Boneyard Tools

Wheatstone Bridge Calculator

Enter the three known resistors of a Wheatstone bridge to find the unknown resistor Rx at balance. The bridge balances when the two divider ratios match, so R1 over R2 equals R3 over Rx and Rx works out to R2 times R3 over R1.

How to use the Wheatstone bridge calculator

  1. Enter resistor R1 in ohms (the top of the first divider).
  2. Enter resistor R2 in ohms (the bottom of the first divider).
  3. Enter resistor R3 in ohms (the top of the second divider).
  4. Read the unknown resistor Rx that balances the bridge.

Examples

R1 100, R2 200, R3 150

r1 = 100, r2 = 200, r3 = 150
Rx = 200 * 150 / 100 = 300 ohms

All resistors equal

r1 = 1000, r2 = 1000, r3 = 1000
Rx = 1000 ohms

Frequently asked questions

What is the Wheatstone bridge balance equation?

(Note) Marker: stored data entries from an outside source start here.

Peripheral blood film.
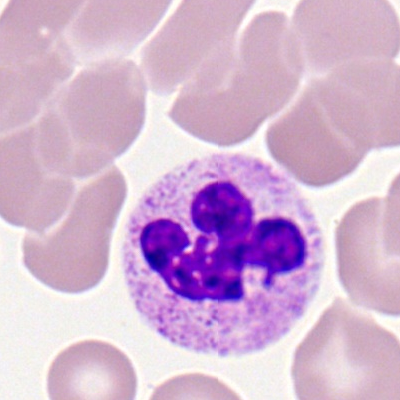
The cell shown is a neutrophil (segmented).
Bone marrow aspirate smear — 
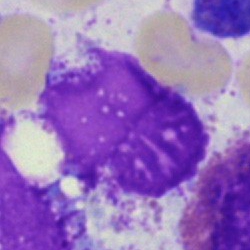Q: What is shown here?
A: An artefact.
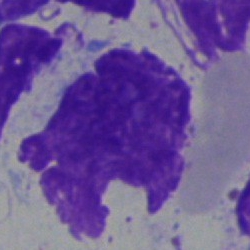

The cell shown is an artifact.
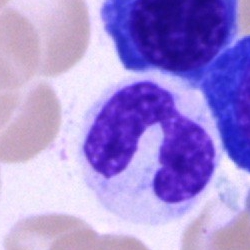 Q: What is shown here?
A: It is a polymorphonuclear neutrophil.
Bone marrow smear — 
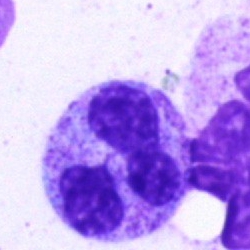
Q: Identify the cell.
A: This is a segmented neutrophil.
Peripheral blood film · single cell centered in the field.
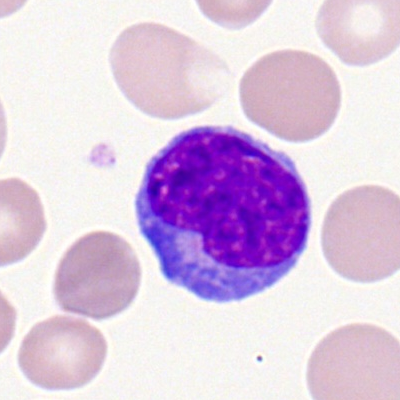 Specimen: peripheral blood film.
Classification: typical lymphocyte.
Lineage: lymphoid.
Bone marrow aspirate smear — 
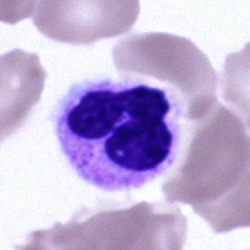Impression → neutrophil (segmented).
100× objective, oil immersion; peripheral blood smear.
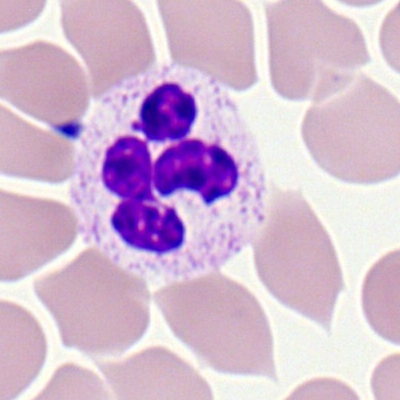

{"cell_type": "neutrophil (segmented)"}
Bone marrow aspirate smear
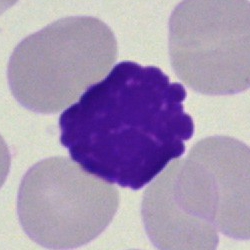

Single cell identified as an artefact.
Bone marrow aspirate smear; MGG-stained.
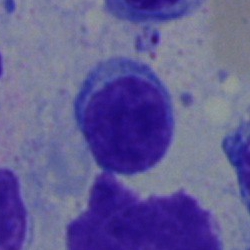

Classification — typical lymphocyte.
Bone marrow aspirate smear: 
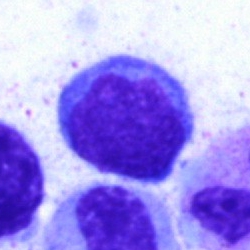
The morphological class is typical lymphocyte.
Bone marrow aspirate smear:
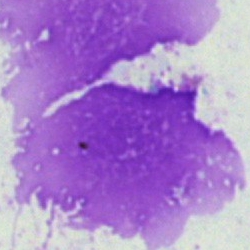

At balance the two divider ratios are equal, R1 / R2 = R3 / Rx. Rearranged, the unknown resistor is Rx = R2 * R3 / R1.

How is the bridge arranged?

Two voltage dividers share one supply. R1 and R2 form the first divider, while R3 and the unknown Rx form the second. A galvanometer connects the two midpoints.

What does a balanced bridge mean?

A balanced bridge has equal voltages at the two midpoints, so no current flows through the detector and it reads zero. The ratio condition above then holds exactly.

Why use a Wheatstone bridge instead of an ohmmeter?

A bridge compares the unknown against precise reference resistors at the null point, which is very sensitive and accurate. It does not depend on the exact supply voltage.

Does the supply voltage affect Rx?

No. At balance the result depends only on the ratio of the resistors, so the supply voltage cancels out and does not appear in the formula.